Typically, we would like one solution (this was likely the running assumption in these kinds of problems you've seen in the past), but that's not the only possibility. We will also be considering the cases where there could also be no solution for this system, or there could be infinitely many solutions. Each of these situations translates into something about the columns of our matrix $A$.
Each of these scenarios can be depicted pictorally, either through the traditional view of geometry (what Strang calls the "row picture"), where equations are drawn as lines or planes on the Euclidean plane, or by the view of linear combinations that we described above (called the "column picture")

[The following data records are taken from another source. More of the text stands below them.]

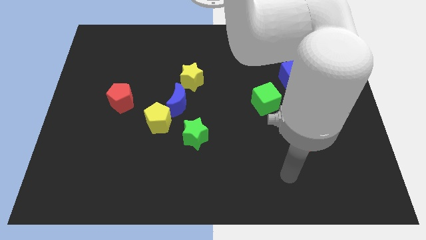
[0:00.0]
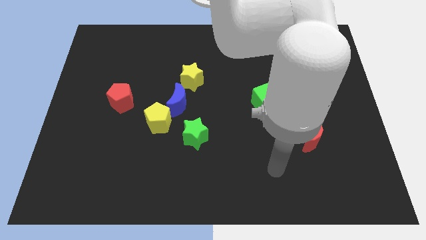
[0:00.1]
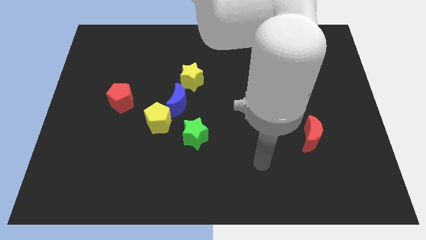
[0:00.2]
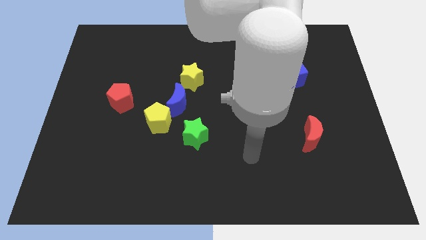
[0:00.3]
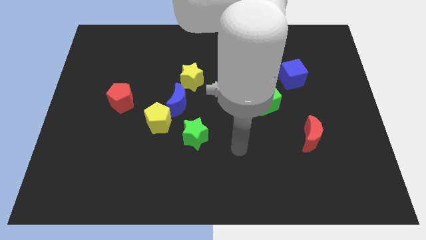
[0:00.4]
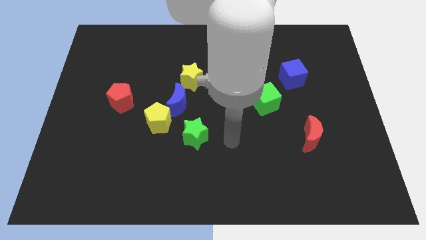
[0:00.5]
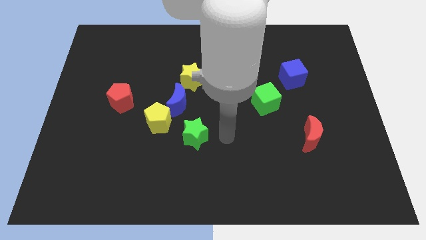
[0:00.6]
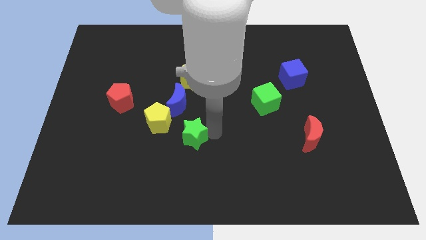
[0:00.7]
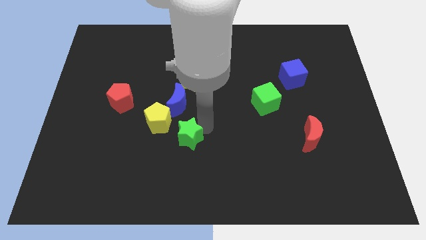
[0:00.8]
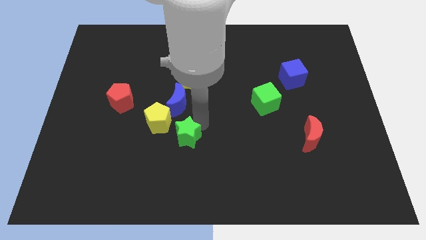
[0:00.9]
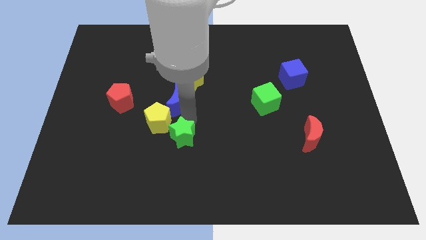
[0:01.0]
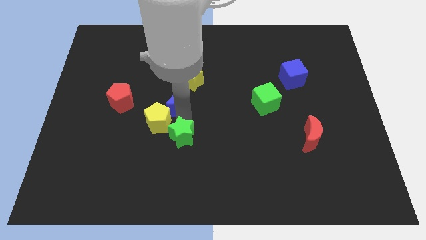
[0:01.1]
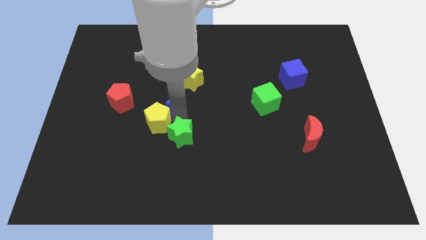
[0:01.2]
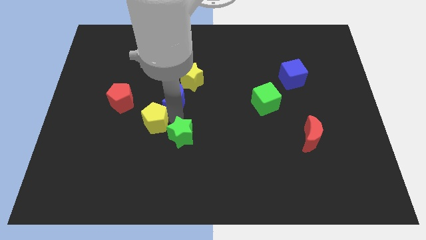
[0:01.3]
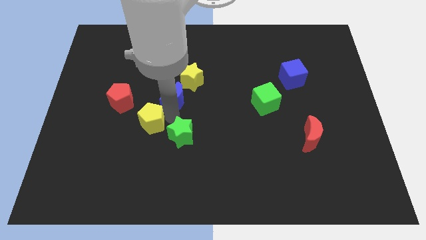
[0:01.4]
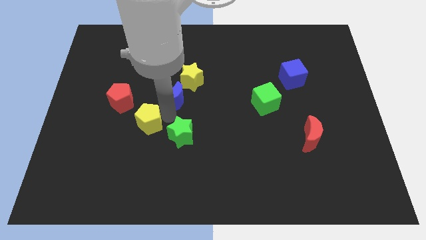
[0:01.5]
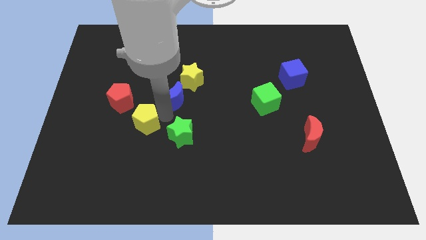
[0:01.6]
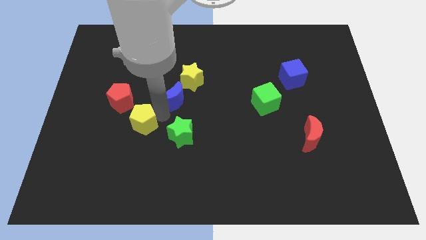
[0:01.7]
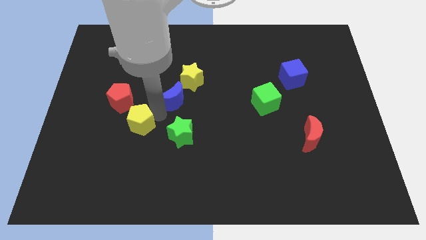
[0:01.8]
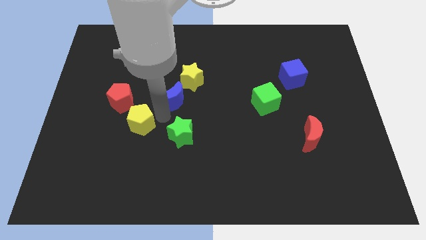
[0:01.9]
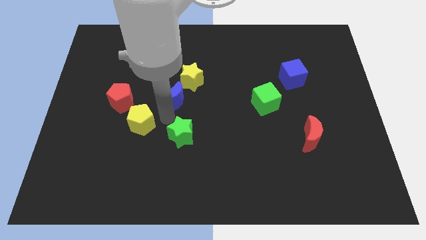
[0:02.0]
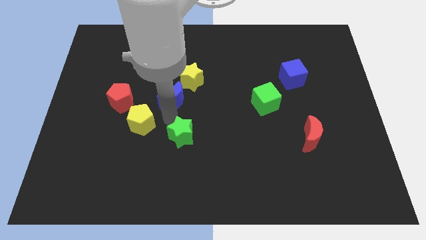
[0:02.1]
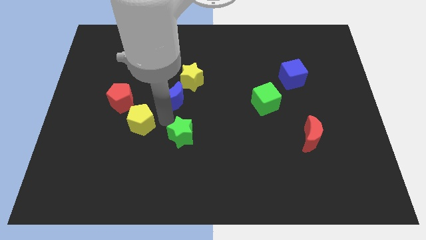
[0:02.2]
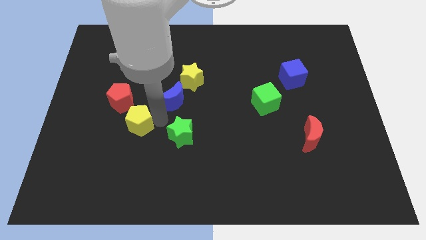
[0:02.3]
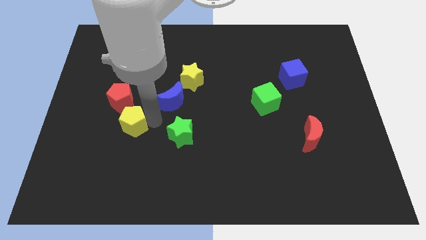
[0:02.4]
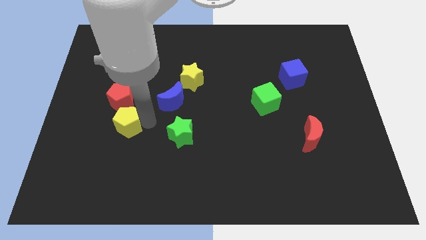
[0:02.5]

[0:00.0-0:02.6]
move the yellow pentagon away from the blue moon and green star

Let's go through each scenario described above, for the system $A \mathbf x = \mathbf b$ where $A = \begin{bmatrix} a_1 & b_1 \\ a_2 & b_2 \end{bmatrix}$ and $\mathbf b = \begin{bmatrix} c_1 \\ c_2 \end{bmatrix}$.
If $A\mathbf x = \mathbf b$ has exactly one solution, the row picture says that there is exactly one point at which all of our equations intersect. The corresponding column picture is that of linearly independent vectors for which there exists one linear combination to describe $\mathbf b$.
If $A \mathbf x = \mathbf b$ has no solution, we said above that the column picture says that there are no linear combinations of our column vectors that produces $\mathbf b$. The traditional row picture describes two objects (lines, planes, etc) which do not intersect.
If $A \mathbf x = \mathbf b$ has infinitely many solutions, we said above that we have linearly dependent columns. So the column picture says that we have infinitely many ways to combine our column vectors to produce $\mathbf b$. The row picture describes two objects (lines, planes, etc) which intersect along at least a line, but maybe even a plane or more in higher dimensions. Since lines are infinitely long, there are infinitely many intersection points.
We're already familiar with the idea of linear independence as being about for some collection of vectors, whether any of the vectors can be written as a linear combination of the others. While this definition is intuitive, it's actually a bit cumbersome to use, so here's another definition that captures the same idea.
The vectors $\mathbf v_1, \dots, \mathbf v_n$ are said to be linearly independent if and only if the only linear combination $a_1 \mathbf v_1 + \cdots + a_n \mathbf v_n = \mathbf 0$ is $a_1 = \cdots a_n = 0$.
Why is this definition the same as our more intuitive definition? Consider the situation in which we have vectors that are not independent. So $a_1 \mathbf v_1 + a_2 \mathbf v_2 = \mathbf v_3$. If we rearrange this equation, we get $a_1 \mathbf v_1 + a_2 \mathbf v_2 - \mathbf v_3 = \mathbf 0$. This is a linear combination of the vectors that produces $\mathbf 0$ but the scalars aren't all 0.
This helps us understand why having linearly dependent columns can give us infinitely many solutions for an equation $A \mathbf x = \mathbf b$. Suppose $A$ has linearly dependent columns, say $\mathbf u$ and $\mathbf v$. Then I have $\mathbf u = c \mathbf v$ for some scalar $c$. Well, this gives us $\mathbf u - c\mathbf v = \mathbf 0$, which means that there exists a vector $\mathbf y$, which encodes this linear combination such that $A\mathbf y = \mathbf 0$ and $\mathbf y \neq \mathbf 0$. Then I can take another scalar $k$ and get (infinitely) more combinations of these vectors that give me $k (A \mathbf y) = A(k \mathbf y) = \mathbf 0$.
Now, notice that $A \mathbf x = A \mathbf x + \mathbf 0 = \mathbf b + \mathbf 0 = \mathbf b$. If I have linearly dependent columns, I have infinitely many ways to get $\mathbf 0 = A(k\mathbf y)$, which means that \[\mathbf b = A \mathbf x = A \mathbf x + \mathbf 0 = A \mathbf x + A(k \mathbf y) = A(\mathbf x + k \mathbf y),\] and therefore $\mathbf x + k \mathbf y$ is a solution for all scalars $k$. On the other hand, if I have linearly independent columns, $\mathbf 0$ is the only linear combination of columns of $A$ that gets me $\mathbf 0$.